Several studies have assessed clinical outcomes in AL amyloidosis by cardiac stage, although cross-trial comparisons should be interpreted with caution because of differences in eligibility criteria, study design, definitions of study endpoints, and the time points at which they were assessed. In retrospective analysis of 230 patients treated with VCd, 29% had baseline cardiac stage IIIA and 20% had stage IIIB.6 Rates of hematologic CR (ie, normal FLC ratio and negative serum and urine immunofixation) in 201 patients with measurable disease and cardiac stages I, II, IIIA, and IIIB were 33%, 18%, 23%, and 14%, respectively. Cardiac response rates were 29%, 17%, and 4% in stages II, IIIA, and IIIB, respectively. These findings are consistent with the hematologic CR and 6-month cardiac response observed in the VCd group of our study, except that the proportion of patients in cardiac stage IIIA was high in our study (36.6%).
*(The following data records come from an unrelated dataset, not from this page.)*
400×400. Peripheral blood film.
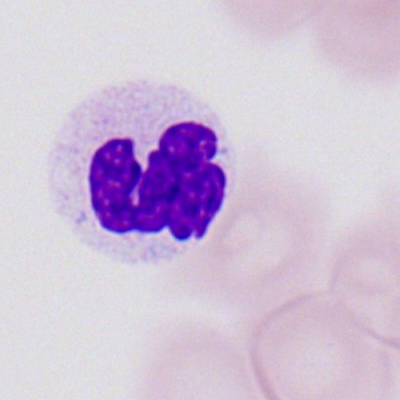 Impression → polymorphonuclear neutrophil.
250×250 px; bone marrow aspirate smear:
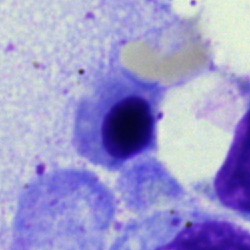Cell — normoblast.
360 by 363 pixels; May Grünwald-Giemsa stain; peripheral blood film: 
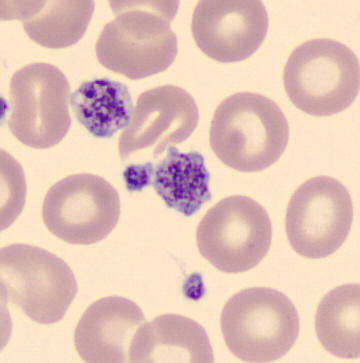
Specimen: peripheral blood smear.
Classification: platelet.
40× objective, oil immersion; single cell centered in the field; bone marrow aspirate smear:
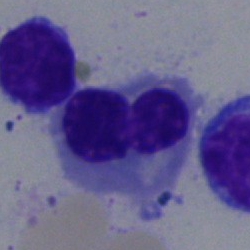
Q: What type of cell is this?
A: A normoblast.
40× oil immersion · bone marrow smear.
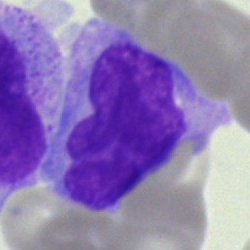
Cell — monocyte.

Manwani et al12 reported outcomes in 915 patients with newly diagnosed AL amyloidosis treated with bortezomib-based regimens. The proportion of patients with cardiac stage IIIA in that study (37.6%) was comparable with that in our study (36.6%). The investigators reported that 38% of evaluable stage III patients achieved hematologic CR at 6 months, which was much higher than that reported in our study for patients in the VCd group. Another retrospective analysis (N = 60) examining VCd in the front line reported an overall hematologic response rate of 68% in patients with cardiac stage III, with 10 patients (17%) achieving hematologic CR, comparable with that seen in cardiac stage IIIA patients treated with VCd in our study. However, survival outcomes in patients in stage IIIB were poor (median survival 4.4 months).23 For patients treated with D-VCd in our study, although longer follow-up is required to determine survival outcomes, rates of hematologic CR across cardiac stages (stage I, 51.1%; stage II, 56.6%; stage IIIA, 61.1%) were higher than among those treated with VCd.
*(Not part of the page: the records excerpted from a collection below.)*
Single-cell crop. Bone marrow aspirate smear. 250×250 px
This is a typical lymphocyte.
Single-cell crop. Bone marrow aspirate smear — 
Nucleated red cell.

In the phase 3 EMN-03 study (N = 109), for which stage IIIB patients were ineligible, rates of hematologic CR and 9-month cardiac and renal responses favored bortezomib, melphalan and dexamethasone vs melphalan, and dexamethasone (23% vs 20%, 38% vs 28%, and 33% vs 26%, respectively) in patients with AL amyloidosis.13 Although these data are for the intent-to-treat population, a similar trend in terms of favorability was observed for rates of any hematologic response across cardiac stages in these patients, with a statistically significant difference seen for patients with cardiac stage II (78% vs 51%; P = 0.010). In our study, hematologic CR and cardiac and renal responses at 6 months favored D-VCd over VCd across all cardiac stages.
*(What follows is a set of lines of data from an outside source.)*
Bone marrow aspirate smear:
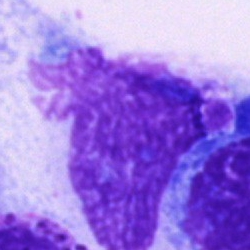

Artifact.
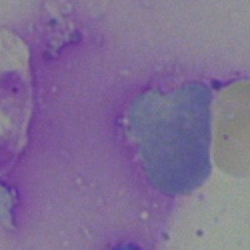
Showing an artifact.

In our study, rates of SAEs were higher in patients with cardiac involvement and more advanced cardiac stage, regardless of treatment. Although the number of deaths among patients with cardiac involvement at baseline and the rate of cardiac events were numerically higher with D-VCd vs VCd, evidence suggests that this is likely due to underlying AL amyloidosis–related cardiomyopathy rather than daratumumab treatment. Although there are important differences between patients with multiple myeloma and those with AL amyloidosis, the robust body of evidence from clinical trials of daratumumab in multiple myeloma can provide general insights into its safety profile. Previous studies have not indicated an association between daratumumab and serious cardiac toxicity in patients with newly diagnosed or relapsed multiple myeloma.24, 25, 26, 27 Cardiac SAEs in the present study were observed almost exclusively in patients with cardiac involvement in both treatment groups. Case-level reviews failed to demonstrate an observed or apparent cardiac or cardiovascular baseline pattern associated with increased risk for developing cardiac AEs during the study, and exposure adjustment corrected for the observed higher frequency of overall AEs, SAEs, and grade 5 AEs with D-VCd. Last, NT-proBNP and high-sensitivity troponin levels decreased over time in both groups, but this occurred faster and reached lower levels with D-VCd. As these parameters would be expected to increase in patients treated with a cardiotoxic regimen, this observation further supports the idea that the observed cardiac events are likely due to the underlying disease and that the addition of daratumumab to VCd has no deleterious effect on cardiac function and is well tolerated in patients. Moreover, these biomarker responses were positively associated with the hematologic response achieved by these patients. Longer follow-up is needed to determine the improvement in cardiac response and survival outcomes in these patients.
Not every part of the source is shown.